Records drawn from a dataset:
________________________________________

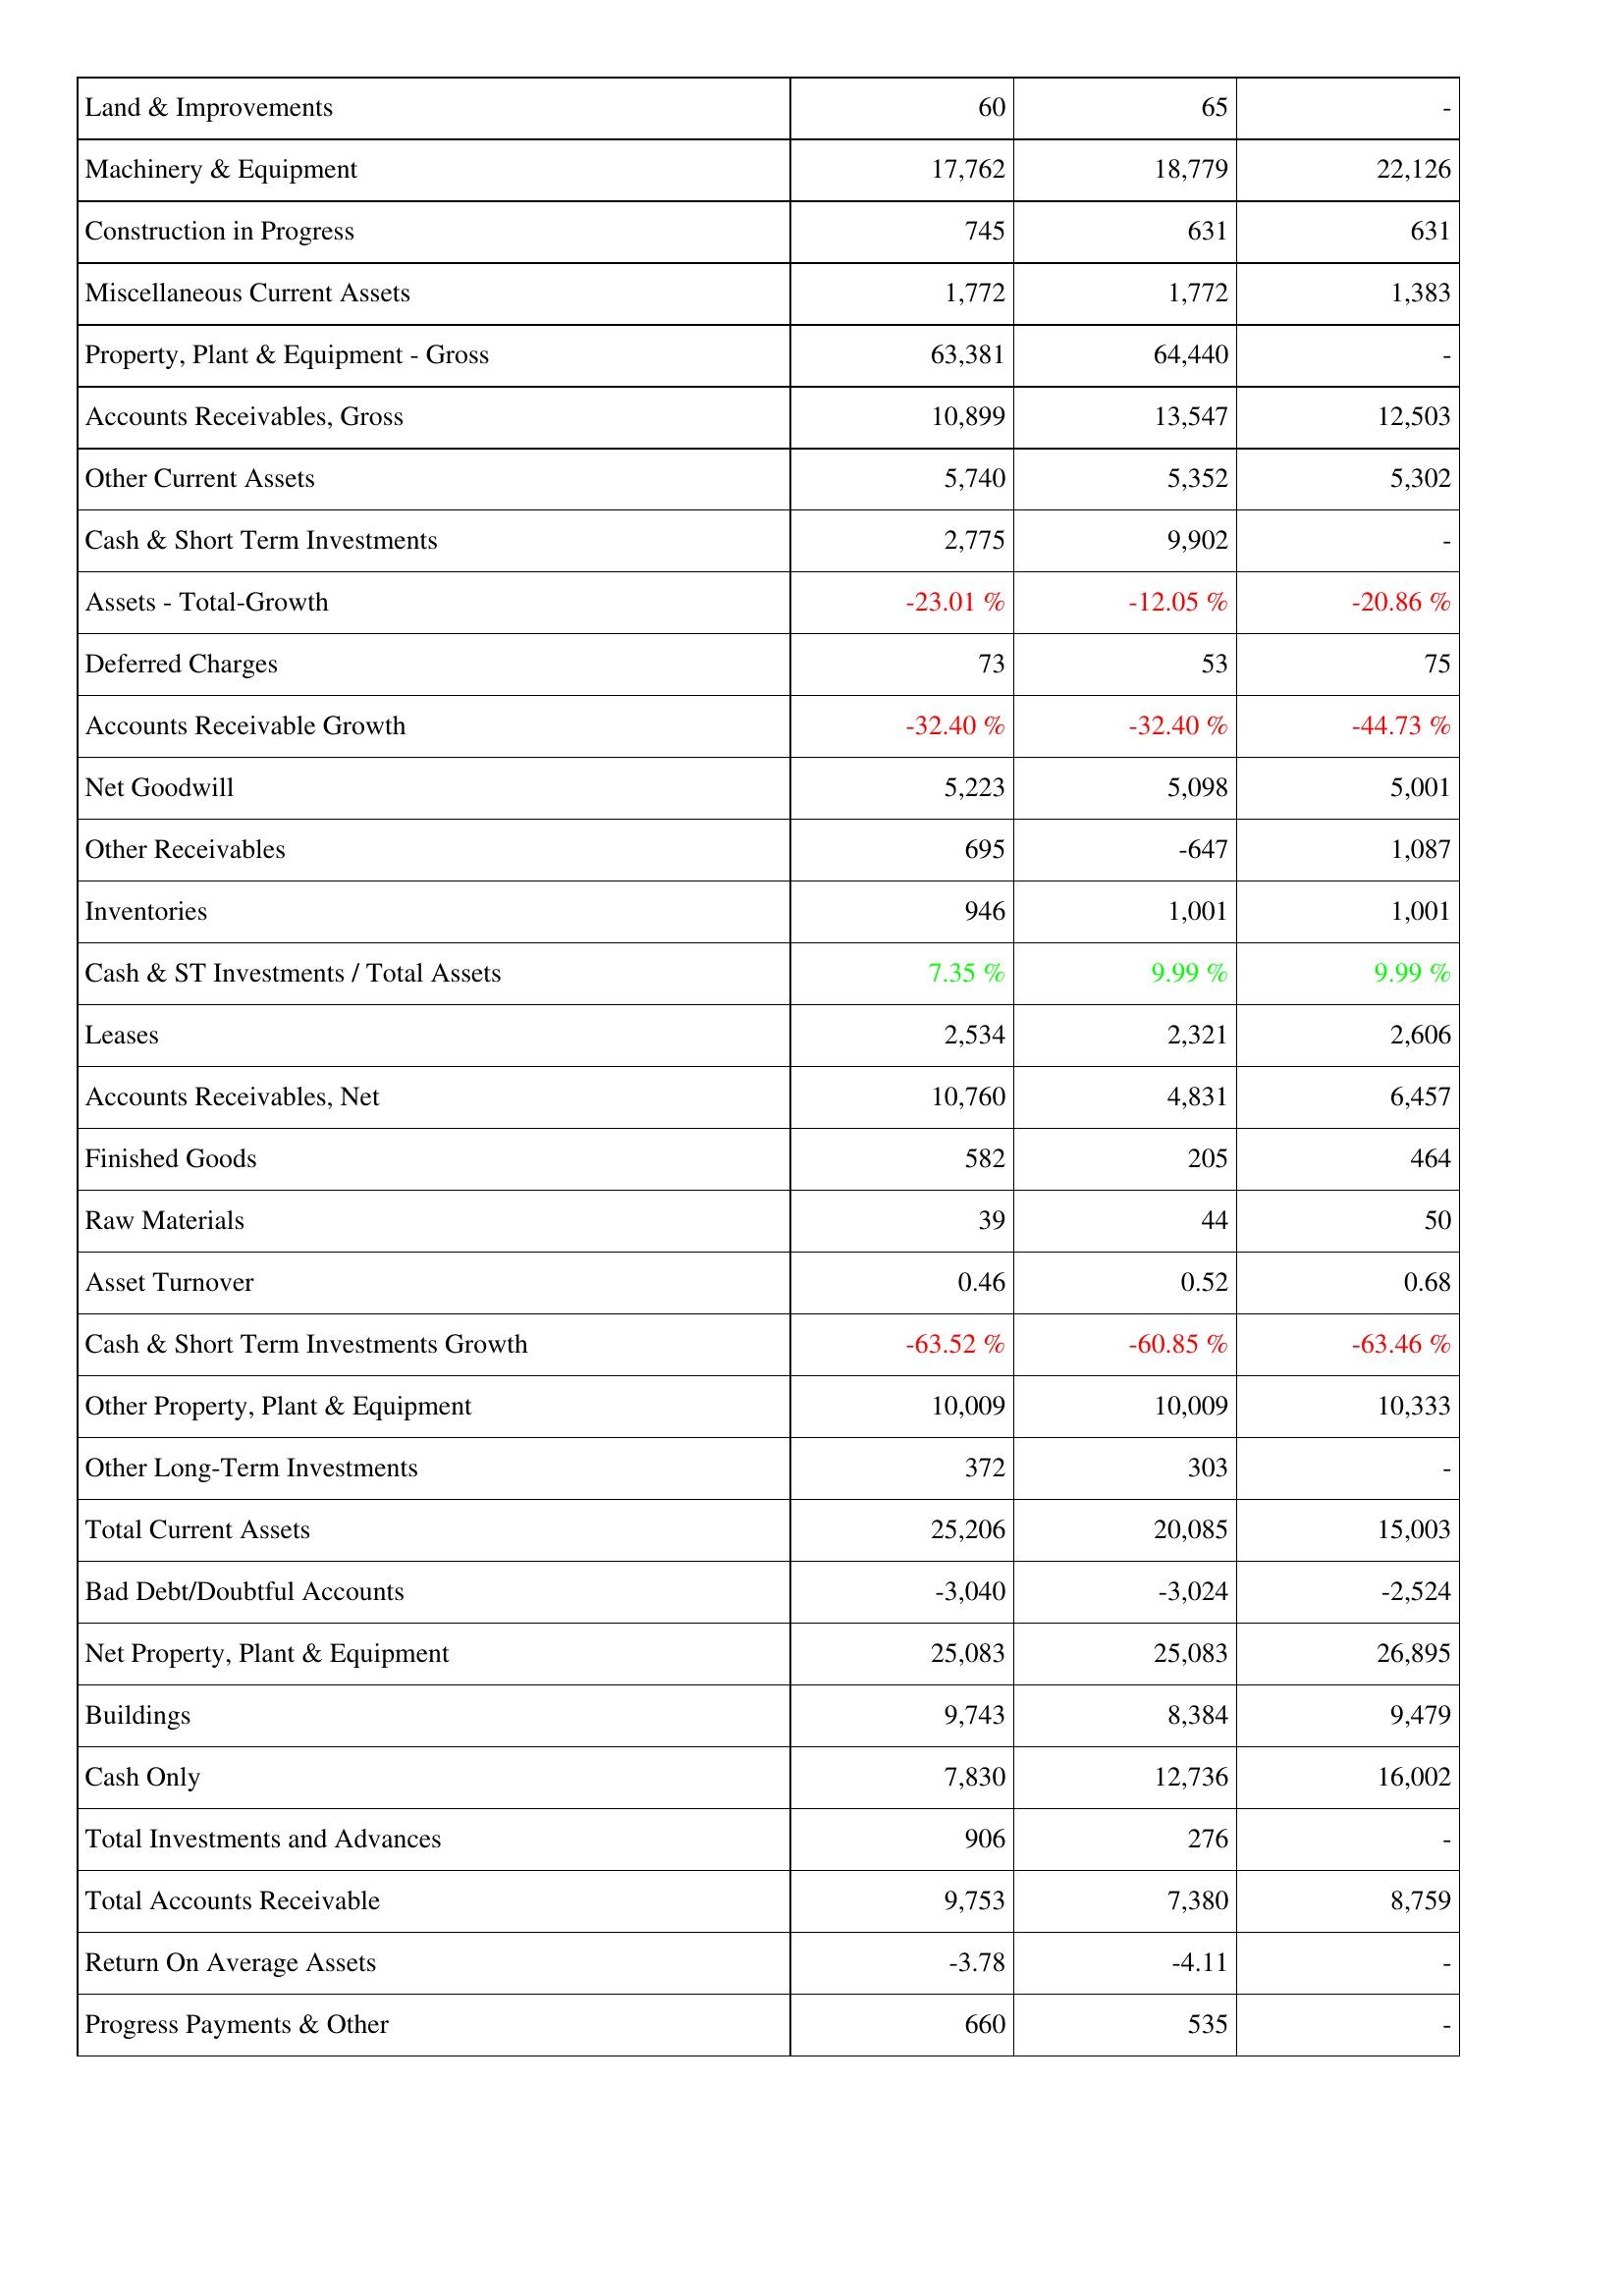
2007: Assets: Land & Improvements: 60
Machinery & Equipment: 17,762
Construction in Progress: 745
Miscellaneous Current Assets: 1,772
Property, Plant & Equipment - Gross: 63,381
Accounts Receivables, Gross: 10,899
Other Current Assets: 5,740
Cash & Short Term Investments: 2,775
Assets - Total-Growth: -23.01 %
Deferred Charges: 73
Accounts Receivable Growth: -32.40 %
Net Goodwill: 5,223
Other Receivables: 695
Inventories: 946
Cash & ST Investments / Total Assets: 7.35 %
Leases: 2,534
Accounts Receivables, Net: 10,760
Finished Goods: 582
Raw Materials: 39
Asset Turnover: 0.46
Cash & Short Term Investments Growth: -63.52 %
Other Property, Plant & Equipment: 10,009
Other Long-Term Investments: 372
Total Current Assets: 25,206
Bad Debt/Doubtful Accounts: -3,040
Net Property, Plant & Equipment: 25,083
Buildings: 9,743
Cash Only: 7,830
Total Investments and Advances: 906
Total Accounts Receivable: 9,753
Return On Average Assets: -3.78
Progress Payments & Other: 660
2006: Assets: Land & Improvements: 65
Machinery & Equipment: 18,779
Construction in Progress: 631
Miscellaneous Current Assets: 1,772
Property, Plant & Equipment - Gross: 64,440
Accounts Receivables, Gross: 13,547
Other Current Assets: 5,352
Cash & Short Term Investments: 9,902
Assets - Total-Growth: -12.05 %
Deferred Charges: 53
Accounts Receivable Growth: -32.40 %
Net Goodwill: 5,098
Other Receivables: -647
Inventories: 1,001
Cash & ST Investments / Total Assets: 9.99 %
Leases: 2,321
Accounts Receivables, Net: 4,831
Finished Goods: 205
Raw Materials: 44
Asset Turnover: 0.52
Cash & Short Term Investments Growth: -60.85 %
Other Property, Plant & Equipment: 10,009
Other Long-Term Investments: 303
Total Current Assets: 20,085
Bad Debt/Doubtful Accounts: -3,024
Net Property, Plant & Equipment: 25,083
Buildings: 8,384
Cash Only: 12,736
Total Investments and Advances: 276
Total Accounts Receivable: 7,380
Return On Average Assets: -4.11
Progress Payments & Other: 535
2005: Assets: Land & Improvements: -
Machinery & Equipment: 22,126
Construction in Progress: 631
Miscellaneous Current Assets: 1,383
Property, Plant & Equipment - Gross: -
Accounts Receivables, Gross: 12,503
Other Current Assets: 5,302
Cash & Short Term Investments: -
Assets - Total-Growth: -20.86 %
Deferred Charges: 75
Accounts Receivable Growth: -44.73 %
Net Goodwill: 5,001
Other Receivables: 1,087
Inventories: 1,001
Cash & ST Investments / Total Assets: 9.99 %
Leases: 2,606
Accounts Receivables, Net: 6,457
Finished Goods: 464
Raw Materials: 50
Asset Turnover: 0.68
Cash & Short Term Investments Growth: -63.46 %
Other Property, Plant & Equipment: 10,333
Other Long-Term Investments: -
Total Current Assets: 15,003
Bad Debt/Doubtful Accounts: -2,524
Net Property, Plant & Equipment: 26,895
Buildings: 9,479
Cash Only: 16,002
Total Investments and Advances: -
Total Accounts Receivable: 8,759
Return On Average Assets: -
Progress Payments & Other: -

________________________________________

Please make an exact copy of the lines from the one holding "Finished Goods: 464" through the final line of the records above, nothing more.

Finished Goods: 464
Raw Materials: 50
Asset Turnover: 0.68
Cash & Short Term Investments Growth: -63.46 %
Other Property, Plant & Equipment: 10,333
Other Long-Term Investments: -
Total Current Assets: 15,003
Bad Debt/Doubtful Accounts: -2,524
Net Property, Plant & Equipment: 26,895
Buildings: 9,479
Cash Only: 16,002
Total Investments and Advances: -
Total Accounts Receivable: 8,759
Return On Average Assets: -
Progress Payments & Other: -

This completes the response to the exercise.